Gurney se dio cuenta de que esa parte de la historia iluminaba otro aspecto de Kay Spalter. Por debajo de aquella criatura delgada, llamativa e inteligente había un fondo realmente gélido.

—Rebobinemos un poco —dijo Gurney, deseoso de hacerse una idea más clara del mundo en el que vivían los Spalter—. Hábleme más de los negocios de Carl.

—Solo puedo contarle lo que sé. La punta del iceberg.

Durante la siguiente media hora, Kay le habló no solo de la empresa de Carl y de su extraña estructura corporativa, sino también de su extraña familia.

El padre, Joe Spalter, había heredado un holding inmobiliario del abuelo. Spalter Realty llegó a poseer una inmensa porción de las propiedades de alquiler del norte del estado de Nueva York, incluida la mitad de los bloques de apartamentos de Long Falls: todo ello por la época en que Joe, ya a punto de morir, transfirió la empresa a sus dos hijos, Carl y Jonah.

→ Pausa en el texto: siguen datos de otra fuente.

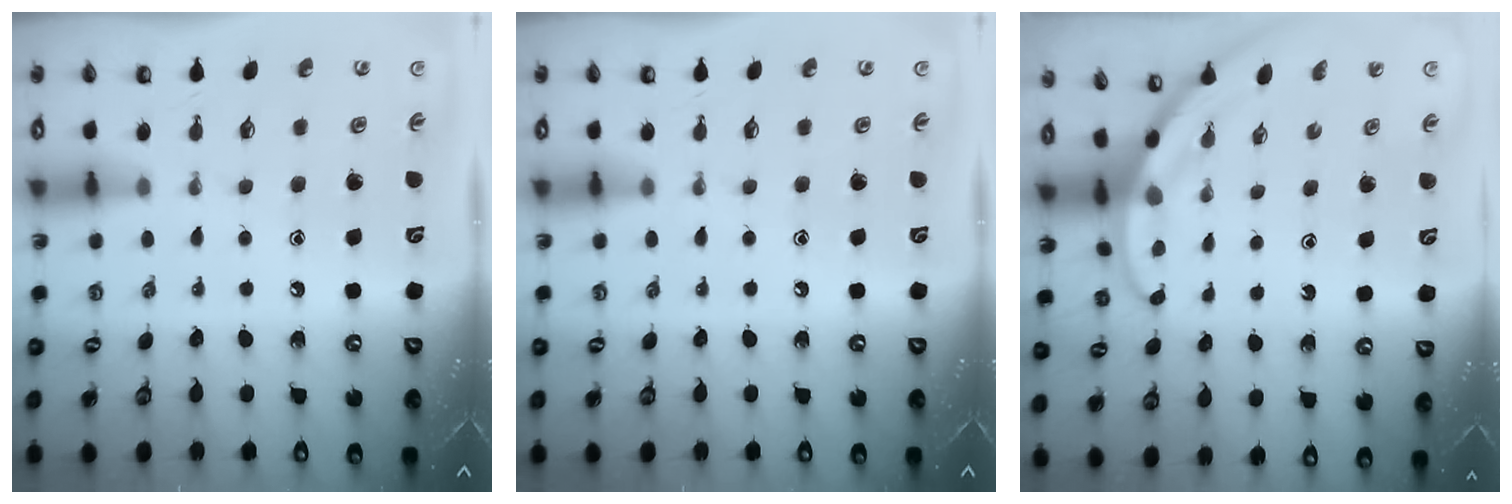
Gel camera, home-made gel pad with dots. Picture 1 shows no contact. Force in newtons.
{"total": 0.0}
{"total": 3.0, "press": 3.0, "slide": 0.1}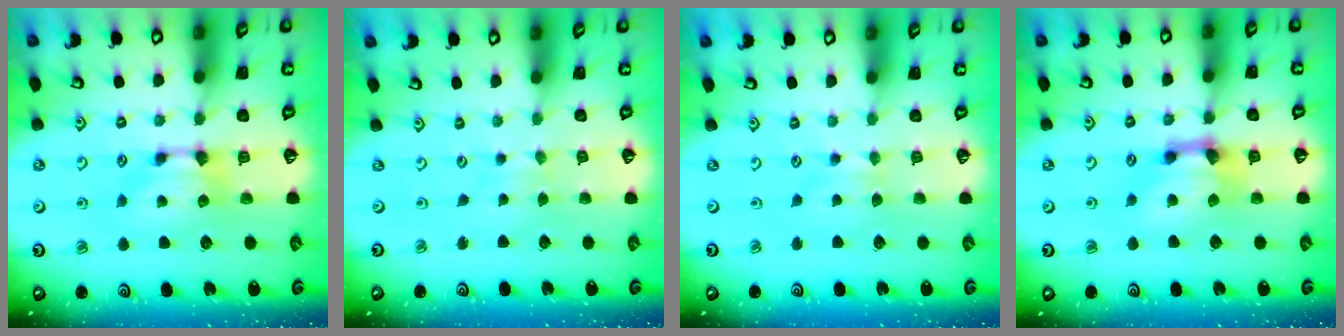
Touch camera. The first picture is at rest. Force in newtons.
{"total": 2.9, "press": 2.9, "slide": 0.0}
{"total": 2.1, "press": 2.0, "slide": 0.4}
{"total": 2.4, "press": 1.6, "slide": 1.8}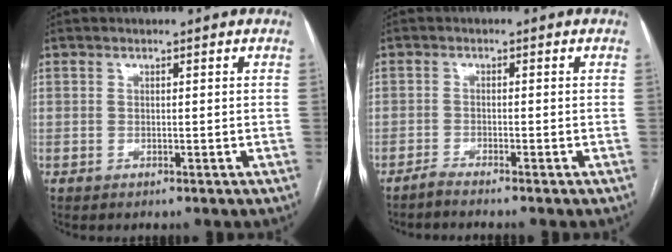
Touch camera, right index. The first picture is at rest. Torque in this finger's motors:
{"motor_torque": [-0.10, -0.52, 0.00, -0.01]}

Carl salió al padre: poseía su ambición y su avidez de dinero corregida y aumentada. Jonah, en cambio, salió a la madre, Mary, una agresiva seguidora de innumerables causas perdidas. Era un soñador, un utópico, un tipo espiritual y carismático de orientación new age. En palabras de Kay: «Carl quería poseer el mundo, y Jonah quería salvarlo».

Tal como lo veía el padre, Carl tenía lo que hay que tener para «llegar hasta el final»: para convertirse en el hombre más rico de Estados Unidos, o acaso del mundo. Solo que Carl —ahí estaba el problema— era un tipo tan desenfrenado como implacable. Era capaz de cualquier cosa para conseguir lo que quería. De niño, le prendió fuego al perro de un vecino como maniobra de distracción para poder robar un videojuego. Eso no había sido un arranque aislado de locura. Había hecho cosas similares con regularidad.

Joe, por implacable que fuese él mismo, vio aquello como un problema para el futuro. No era tanto que le importara el hecho de robar o de prender fuego a un perro; lo que le preocupaba era la falta de prudencia, la falta de un cálculo apropiado de riesgos y beneficios. La solución definitiva a la que llegó fue unir a Carl y a Jonah en la empresa familiar. Se suponía que Jonah ejercería una influencia moderada y aportaría la cautela de la que Carl carecía.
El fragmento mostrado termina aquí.